Letter from a ‘foreign news outlet’

Dear Quartz;

I’d like to thank your Asia correspondent Steve Mollman for lumping the Vanuatu Daily Post in with the Tehran Times in his list of news outlets who ‘totally back‘ China’s South China Sea policy. Last time, it took a category 5 cyclone that wiped out half the country for Vanuatu to get any mention in the US media.

I’m just sorry that we had to get mentioned in such a flatly jingoistic article as this.

Our newspaper doesn’t ‘totally support’ any of China’s policies. We’re also not crazy about a lot of American policies in the Pacific, and Australia—described by George W. Bush as the ‘sheriff’ in our neck of the ocean—well, they don’t get many hurrahs from us either.

Frankly, nobody seems to notice us until we’re underfoot.

But when our Prime Minister endorses China’s South China Sea policy, we report on that. Because it’s noteworthy and in the public interest. That’s what we call journalism.

You might have a different definition. But that’s just you.

China makes no bones about what they expect from Vanuatu’s government. ‘We don’t have any hidden agenda,’ one diplomat told me. ‘We give you aid, and you support our policies. That’s how it works.’

That, I’m afraid to say, is the reality in this country, which still ranks among the Least Developed Nations according to the UN. Virtually all aid comes with geopolitical strings attached, no matter what the source. And Vanuatu, poised on the edge of the Coral Sea, only a short flight from the populated coast of Australia, is of strategic interest to China and the USA alike.

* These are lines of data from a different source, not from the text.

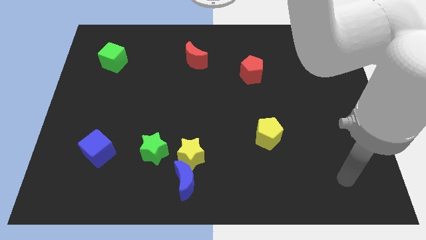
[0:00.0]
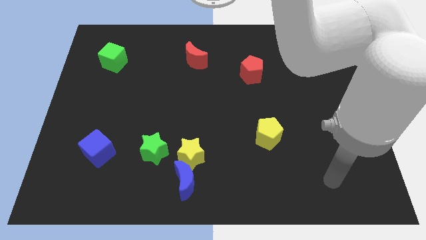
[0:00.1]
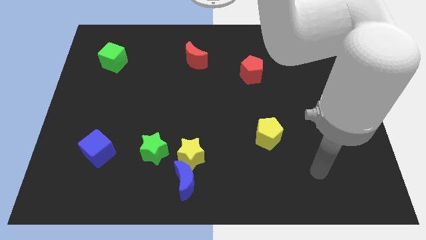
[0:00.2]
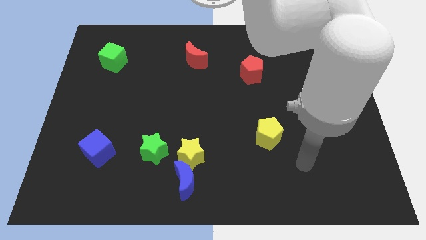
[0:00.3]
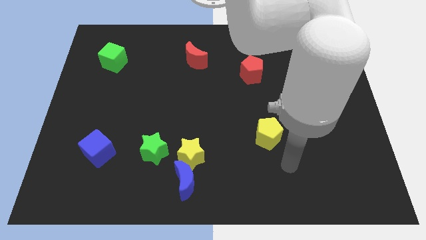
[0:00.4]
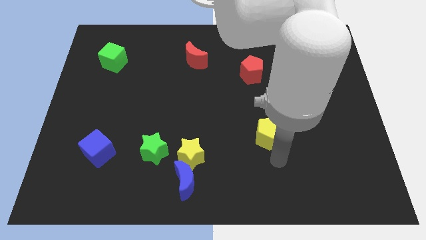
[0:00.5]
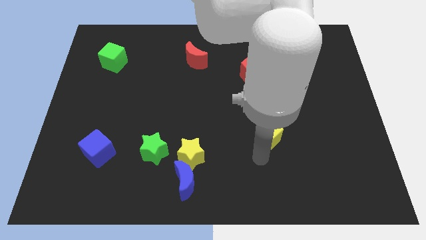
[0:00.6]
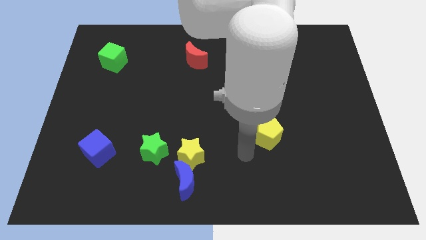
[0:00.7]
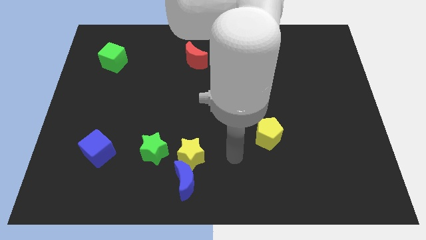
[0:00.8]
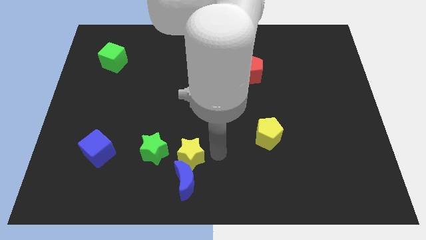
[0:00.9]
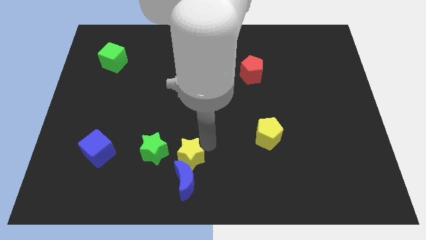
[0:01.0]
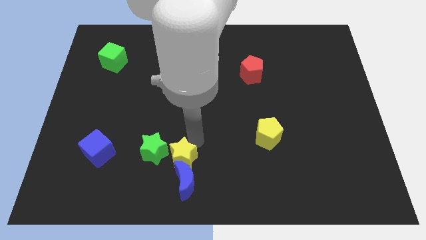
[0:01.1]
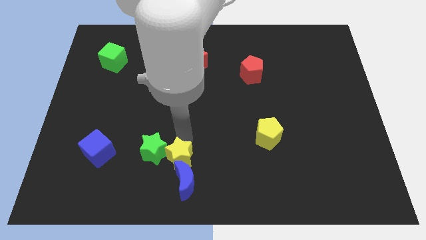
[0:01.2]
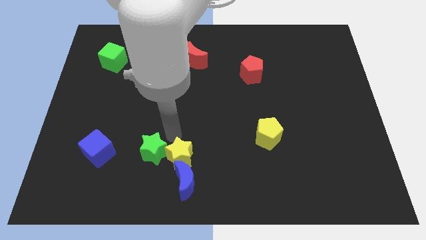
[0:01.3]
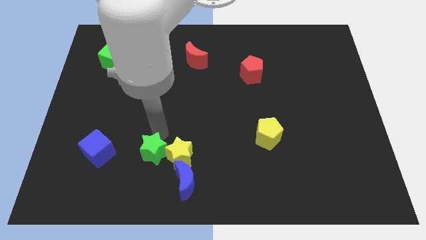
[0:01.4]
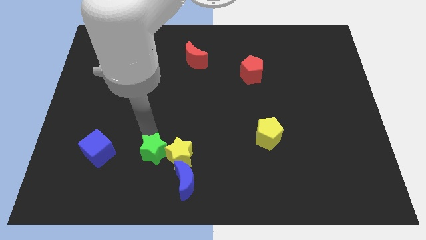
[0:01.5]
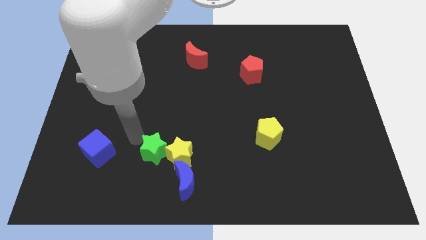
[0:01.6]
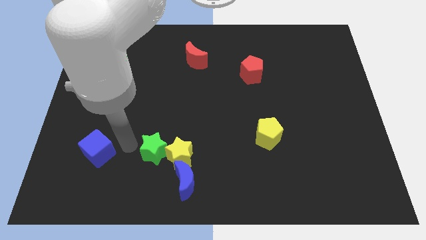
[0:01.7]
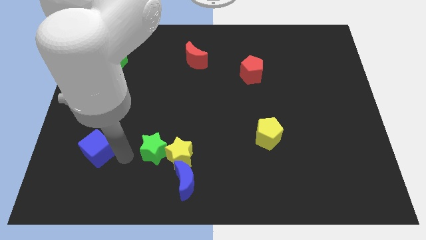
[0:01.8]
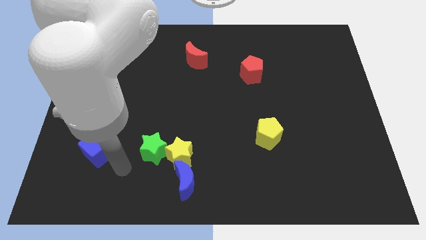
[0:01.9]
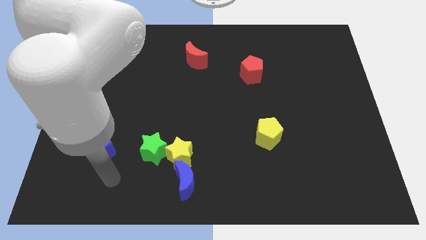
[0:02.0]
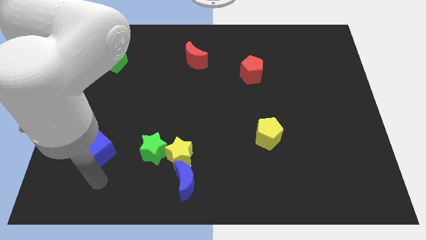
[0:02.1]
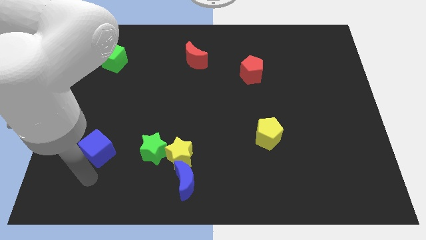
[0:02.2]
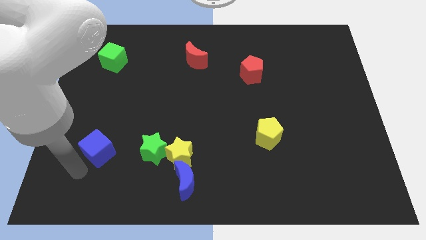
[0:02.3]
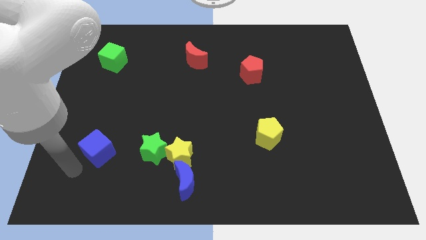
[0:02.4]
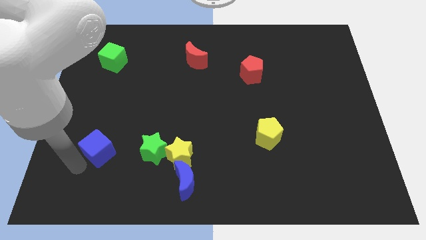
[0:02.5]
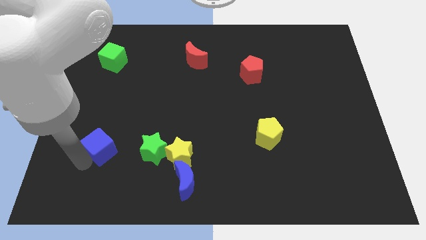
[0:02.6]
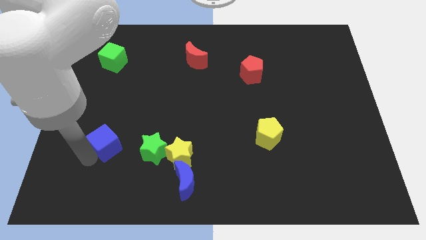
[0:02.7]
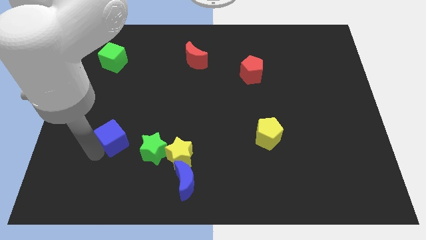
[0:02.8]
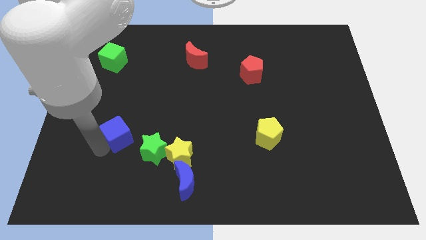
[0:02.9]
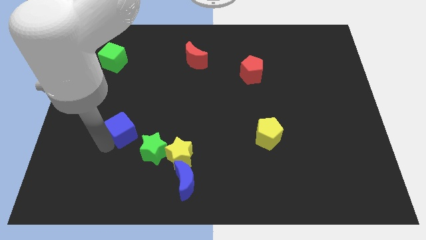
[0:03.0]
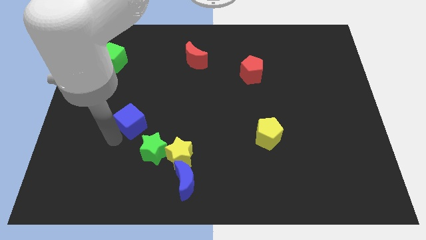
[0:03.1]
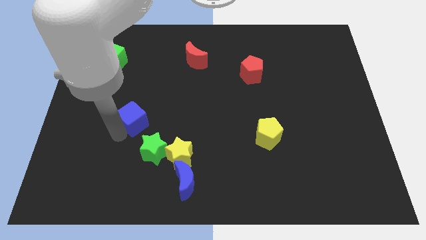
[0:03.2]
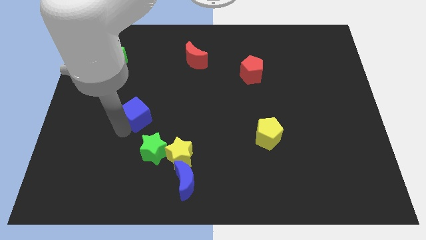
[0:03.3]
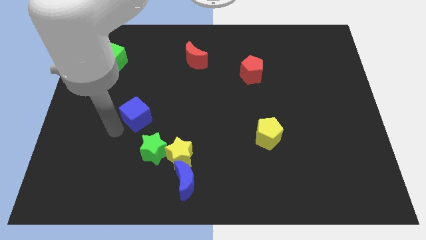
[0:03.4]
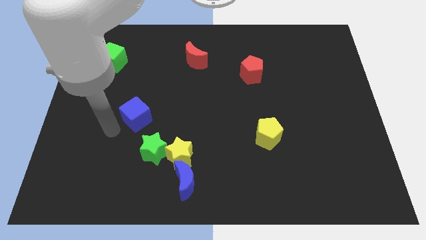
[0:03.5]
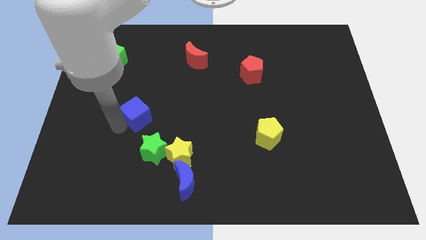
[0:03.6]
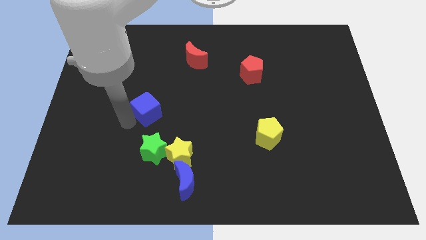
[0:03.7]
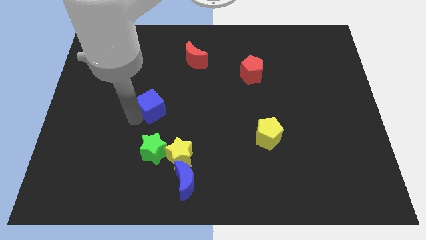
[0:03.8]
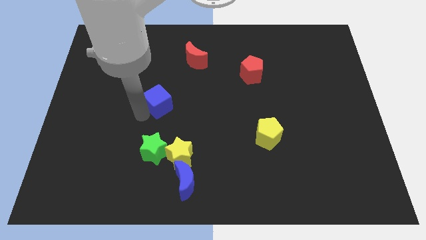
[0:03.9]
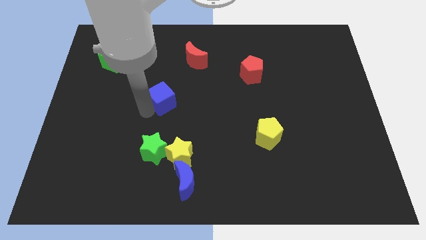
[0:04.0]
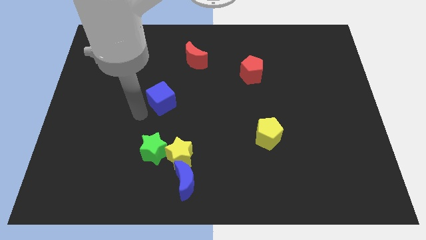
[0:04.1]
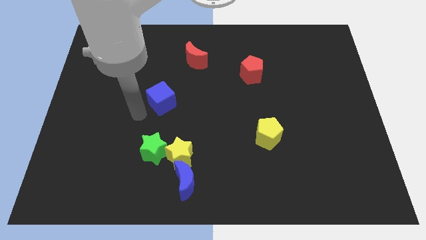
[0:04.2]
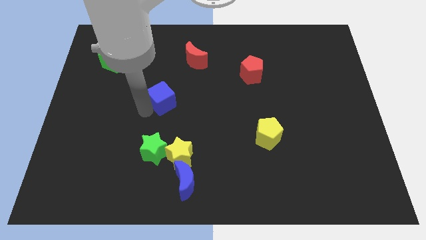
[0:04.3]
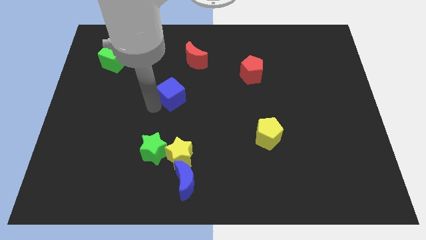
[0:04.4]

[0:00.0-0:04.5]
move the blue cube upwards and to the right diagonally

It may be galling for us to live with the realisation that we’re only getting new roads, wharves and airports because of their strategic value to our superpower neighbours. But what choice do we have, realistically?

The plight of small countries throughout the Pacific is to be viewed as little more than squares on a pan-Pacific chessboard.

The last time this game got played out in anger, our nation served as the staging ground for the Solomon Islands campaign. Over the course of World War II, over a million US servicemen passed through the Espiritu Santo military base.

Michener’s classic Tales of South Pacific is largely set there.

In 2017, the Shanghai Construction Group will complete construction of a brand-new 360 metre wharf on that island. It seems China’s memory is a little longer than others’. Probably because they suffered more—and longer—than most other nations at that time.

Not to put too fine a point on it, even if Vanuatu is dancing to the tune of a new master, not much has changed in the great game. In the mean time, excuse us if we feel the need to report the news.